Anos atrás, em visita à casa de
meus pais – onde morei até o início da juventude – encontrei meu sobrinho, então
com uns quatro anos de idade. Descíamos pelo elevador quando encontramos uma
velha senhora, antiga moradora do prédio, que logo me saudou, “Quanto tempo” e “Conheci
você pequenino e agora já está um homem feito” e, após uma olhada ao meu
sobrinho, “Esse aqui é seu filho ?”. Querendo fazer graça com meu sobrinho e,
ao mesmo tempo, tentando colocar o moleque diante de uma situação nova, menti,
sorrindo: “É, esse aqui é meu filhinho”. Em seguida a senhora olhou para o
moleque e perguntou: “Como é seu nome ?”. E ele, cujo nome é Lucas, respondeu
na hora: “Mateus”.
Esse é o ponto. Não importa o
quanto tentemos ensinar o que é certo o que é errado, as pessoas aprendem pelo
exemplo. Após ser ensinado mil vezes que não se deve mentir, o moleque se viu
diante de uma situação na qual a mentira estava autorizada, e participar da
mentira inofensiva significaria construir um elo, uma cumplicidade com o tio.

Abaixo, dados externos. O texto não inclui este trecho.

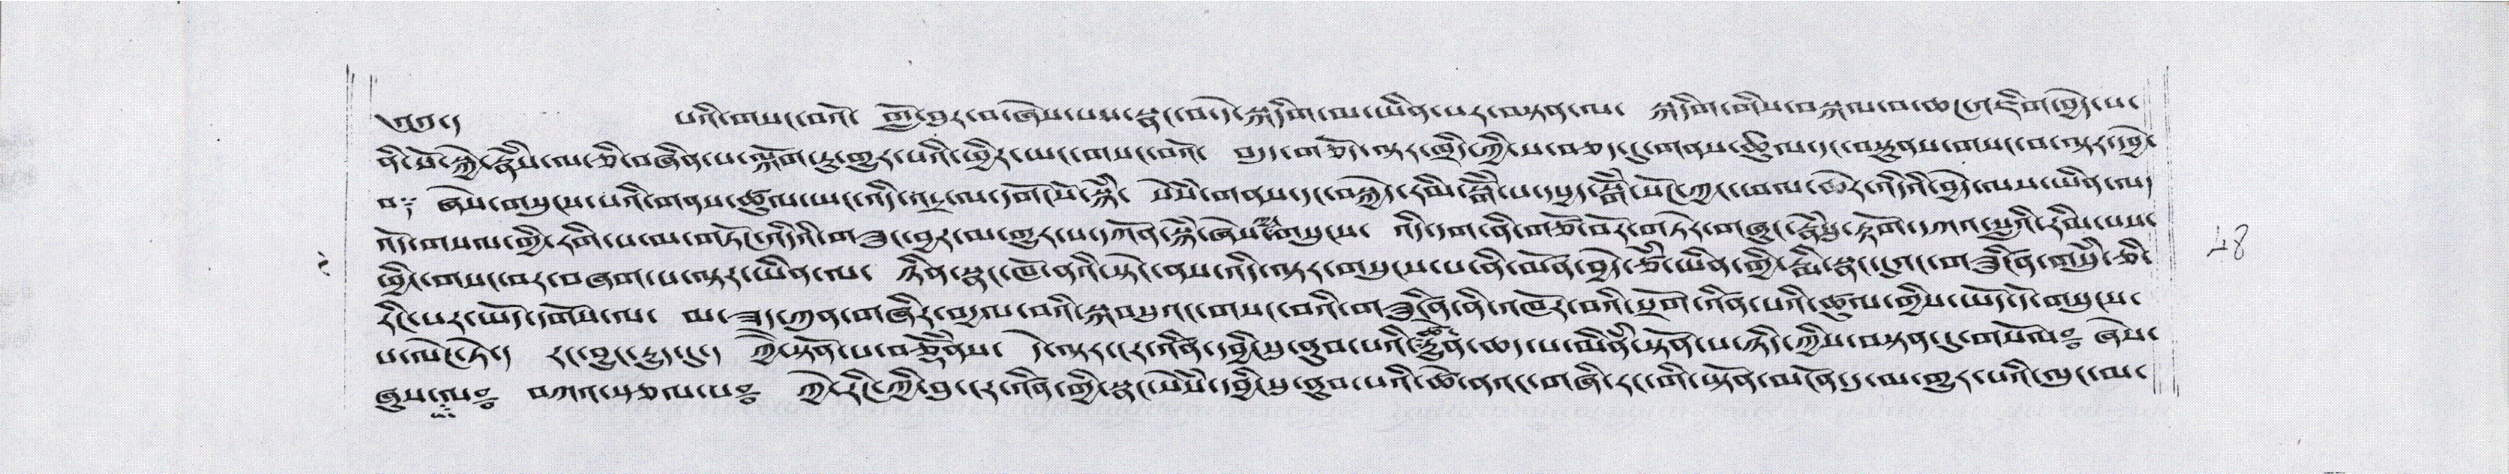པའི་གསང་བའོ། གློ་བུར་བ་ཞེས་པའི་སྣང་བ་དེ་སྐད་ཅིག་མ་ཡིན་པར་བསྟན་ལ། སྐད་ཅིག་གིས་བསྐལ་པ་ཆགས་འཇིག་བྱེད་པ་
ནི་སོ་སྐྱེ་རྣམས་ལ་ཅི་བཞིན་པ་ལྐོག་ཏུ་གྱུར་པའི་ཕྱིར་ཡང་གསང་བའོ། བདུད་གཅོད་ལྟར་ཁྲིད་ཀྱི་ས་བཅད་དུ་གནས་ཚུལ་དང་བསྟུན་ནས་གསང་བ་ལྟར་དབྱེ་
བ༑ ཞེས་གསུངས་པའི་གནས་ཚུལ་ཡང་འདི་འདྲ་ལ་དགོངས་སམ་སྙམ། སེམས་གནས་དང་བསྐྱེད་རིམ་བསྒོམ་པ་དཔྱད་སྒོམ་སོགས་ཀྱང་ཕལ་ཆེར་འདིའི་བྱེད་ལས་ཡིན་ལ། 
འོད་གསལ་གྱི་རིག་པ་མ་གཏོགས་འདིའི་གཟུང་བྱར་མ་གྱུར་པ་དཀོན་སྙམ་ཞེས་ཀྱང་གསུངས། འདི་དག་ནི་གཙོ་བོར་གཏེར་གཞུང་རྣམས་སུ་རྟོགས་དཀའ་སླའི་རིམ་པས་
ཕྱི་ནང་གསང་བར་བཞག་པ་ལྟར་ཡིན་ལ། ཉིན་སྣང་ཁོ་ནའི་སྟེང་ནས་འདི་ལྟར་གསུངས་པ་ནི་མཚོན་བྱེད་ཙམ་ཡིན་གྱི་རྨི་སྣང་དུའང་གཟུང་འཛིན་གསུམ་ཅི་
རིགས་པར་ཡོད་དགོས་ལ། མ་ཟད་ཀུན་གཞིར་བརྒྱལ་བའི་སྐབས་སུའང་གསང་བའི་གཟུང་འཛིན་ནི་འཁོར་བའི་སྲོག་འཛིན་པའི་ཚུལ་གྱིས་ཡོད་དོ་གསུངས་
པ་ལེགས་ཏེ། རང་བྱུང་རྒྱུད་དུ། ཀྱེ་སྟོན་པ་བཅོམ་ལྡན་འདས། དེ་ལྟར་ངར་འཛིན་དབྱིངས་སུ་ནུབ་པའི་ཚེ་རྒྱུན་ཆད་པ་མིན་ནམ་སྟོན་པ་ཉིད་ཀྱིས་བསྟན་དུ་གསོལཿ ཞེས་
ཞུས་པ་ལཿ བཀའ་སྩལ་པཿ ཀྱེ་རིགས་ཀྱི་བུ་ངར་འཛིན་གྱི་སྣང་སེམས་དབྱིངས་སུ་ནུབ་པའི་ཚེ་ནའང་གཞི་རང་གི་ཡོན་ཏན་མངོན་དུ་མ་གྱུར་པའི་ལུང་མ་

Intuitivamente, o moleque concluiu que estreitar laços afetivos era mais
importante que seguir algum princípio. Ou ainda: a ordem ("não minta!") pode ser
desobedecida em certas circunstâncias. Sem querer, o garoto estava aprendendo a
ter discernimento.
A história acima serve para
ilustrar uma grande preocupação: queremos ensinar uma coisa e acabamos transmitindo
outra. O tom singelo, emancipador e quase libertário do relato contrasta com os riscos, por exemplo, do que
se ensina na escola, e de como isso pode ser entendido por alunos. Cito três
exemplos:
1) Testes de múltipla escolha. Independente
do conteúdo correto da resposta, longos anos resolvendo testes de múltipla
escolha ensinam basicamente o maniqueísmo: diante dos problemas do mundo existe
o que é certo e o que é errado e ponto final. Desaparecem as nuances e eu me pergunto
se o maniqueísmo enlouquecido em que vivemos hoje em dia não tem a ver com duas
gerações sucessivas de pessoas cuja experiência escolar nos decisivos anos da
adolescência enfatizou os testes de múltipla escolha, bem como a preparação para tais testes como fim
último da atividade escolar.
2) Sistema de notas. Não aufere
conhecimento, mas ensina que o desempenho humano pode ser expresso em valores
numéricos, e esse é a finalidade da atividade, qualquer atividade. Basta uma
intervenção racional (por exemplo, mais ou melhor estudo) para melhorar o
desempenho, aumentar o índice numérico. A partir daí, abre-se caminho para o
discurso da eficiência em detrimento da reflexão, dos meios em detrimento dos fins.
3) Apresentação dos conteúdos
como uma série de objetos. Ensina que o mundo que nos cerca é formado por uma
sucessão de objetos, à respeito das quais tomamos conhecimento: somos o sujeito
que conhece, e acabamos perdendo a capacidade de considerar que, dentre os muitos
objetos que nos cercam, também possam existir outros sujeitos. A possibilidade
de identificação com esses objetos é escassa, pois nos foram ensinados de forma
distante. Exemplo prático foi citado no post abaixo, sobre o ensino de ética em
aulas de Filosofia: “ética” é mais um objeto distante, e a maior expressão
desse distanciamento ocorre quando o aluno cola na prova de Ética.
4) Justificativa do conhecimento
através do seu emprego prático. Trata-se do utilitarismo que esvazia o puro
âmbito do saber. Aqui, o ensinamento principal é desinibir a ação, uma vez que
esta deve ter como única reflexão prévia uma rápida consideração sobre os
efeitos práticos de seus resultados.
No fundo criamos monstros.
3 comentários:
Muito interessante, parabéns professor. Infelizmente esse modelo de educação ainda é uma realidade...
oi professor que bom encontrar um blog com reflexoes suas!
penso que educacao deveria ser um instrumento para romper limitacoes e barreiras, mas sua perversao muitas vezes causa justamente o contrario.. padroniza e limita a formacao dos alunos e consequentemente suas visoes sobre o mundo.
constantemente mesmo que nao perceba (ou que perceba mas que nao saiba expressar com exatidao qual a causa de sua inquietacao) o aluno lida com os paradoxos da educacao, a propria sala de aula por exemplo é estruturada com padroes autoritarios ao mesmo tempo que o professor ensina o valor da democracia.